Professor Judith Breuer, Chief Investigator for the study, explains that the key research question was “whether rapid sequencing of SARS-CoV-2 could help to identify who had infected whom in the hospital more accurately than infection prevention control alone.”  This question built on previous research by many groups that has shown that pathogen sequencing can better identify the sources of infection and transmission chains than infection prevention and control (IPC) alone. “By matching the letters of code that make up the nucleic acid in one virus with the letters of code that make up another virus – we can link infections more accurately.”

While sequencing is a potentially powerful tool, there is currently limited information about its feasibility for use in routine IPC, whether can change on IPC actions, and whether it will reduce transmission of infection in hospitals. The HOCI study harnessed the power of COG-UK sequencing to provide information as to whether routine SARS-CoV-2 sequencing could help interrupt the spread of the infection in the hospital.

A total of 2,170 hospital-acquired infections were recorded from 15 October 2020 to 26 April 2021 across 14 UK hospitals, with a median age of 76.7 years, and 80% of subjects having at least one clinically significant co-morbidity (e.g., pre-existing cardiovascular disease). SARS-CoV-2 genome sequence reports were generated for 49.2% of the cases reported in hospitals that carried out real-time genomic sequencing during study. The results showed that sequencing SARS-CoV-2 changed IPC actions in 20% of cases returned within 5 days. Importantly, over 80% of IPC teams found the information helpful.

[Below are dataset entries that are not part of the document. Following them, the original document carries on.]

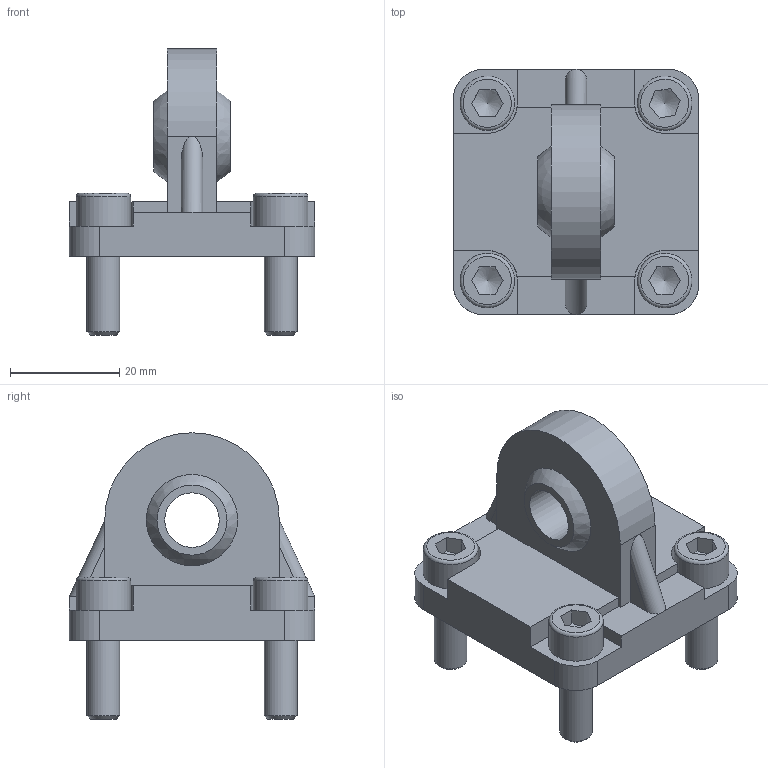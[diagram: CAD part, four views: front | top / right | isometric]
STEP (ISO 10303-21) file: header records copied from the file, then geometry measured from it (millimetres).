
FILE_DESCRIPTION(/* description */ (''),/* implementation_level */ '2;1');
FILE_NAME(/* name */ 'CAD_9292.stp',/* time_stamp */ '2016-06-09T18:10:56+02:00',/* author */ ('Hypex'),/* organization */ ('Hypex'),/* preprocessor_version */ 'ST-DEVELOPER v16.1',/* originating_system */ 'Autodesk Inventor 2016',/* authorisation */ '');
FILE_SCHEMA (('AUTOMOTIVE_DESIGN { 1 0 10303 214 3 1 1 }'));
Length unit declared in the file: millimetre
Products named in the file (1): CAD_9292
Bounding box: 45 x 45 x 52.5 mm (x, y, z)
Volume: 23857.3 mm3; surface area: 11453.4 mm2
Topology: 1 solids, 1 shells, 119 faces, 288 edges, 188 vertices
Faces by surface type: plane 76, cylinder 25, torus 8, cone 8, sphere 2
Full cylindrical faces by diameter (mm): 6 x4, 6.6 x4, 10 x5, 30 x1
Entity records: 3375 total; most frequent: CARTESIAN_POINT 598, DIRECTION 540, ORIENTED_EDGE 500, EDGE_CURVE 250, AXIS2_PLACEMENT_3D 194, VERTEX_POINT 180, EDGE_LOOP 168, LINE 152

Perhaps the most important outcome of the HOCI study has been to measure and document, through detailed interviewing of staff involved, what would need to change for pathogen sequencing to be incorporated into routine IPC practice. According to Judith, there are three critical steps: “rapid transport and sequencing of samples, automated issuing of simple reports directly to IPC teams to identify where linked infections are occurring, and training of hospital teams to use the information effectively”.  With new rapid sequencing methods and growing familiarity with sequence generation and interpretation, two of the three barriers are already being addressed.  We now need the computer tools that will rapidly and automatically link data on patient movements and risk factors to the sequence data providing seamless rapid delivery of results.

To read the full publication, please click HERE.


COVID-19 Genomics UK (COG-UK)

The COVID-19 Genomics UK (COG-UK) consortium works in partnership to harness the power of SARS-CoV-2 genomics in the fight against COVID-19.

Led by Professor Sharon Peacock of the University of Cambridge, COG-UK is made up of an innovative collaboration of NHS organisations, the four public health agencies of the UK, the Wellcome Sanger Institute and sixteen academic partners. A full list of collaborators can be found here.

The COVID-19 pandemic, caused by SARS-CoV-2, represents a major threat to health. The COG-UK consortium was formed in March 2020 to deliver SARS-CoV-2 genome sequencing and analysis to inform public health policy and to support the establishment of a national pathogen sequencing service, with sequence data now predominantly generated by the Wellcome Sanger Institute and the Public Health Agencies.

SARS-CoV-2 genome sequencing and analysis plays a key role in the COVID-19 public health response by enabling the identification, tracking and analysis of variants of concern, and by informing the design of vaccines and therapeutics. COG-UK works collaboratively to deliver world-class research on pathogen sequencing and analysis, maximise the value of genomic data by ensuring fair access and data linkage, and provide a training programme to enable equity in global sequencing.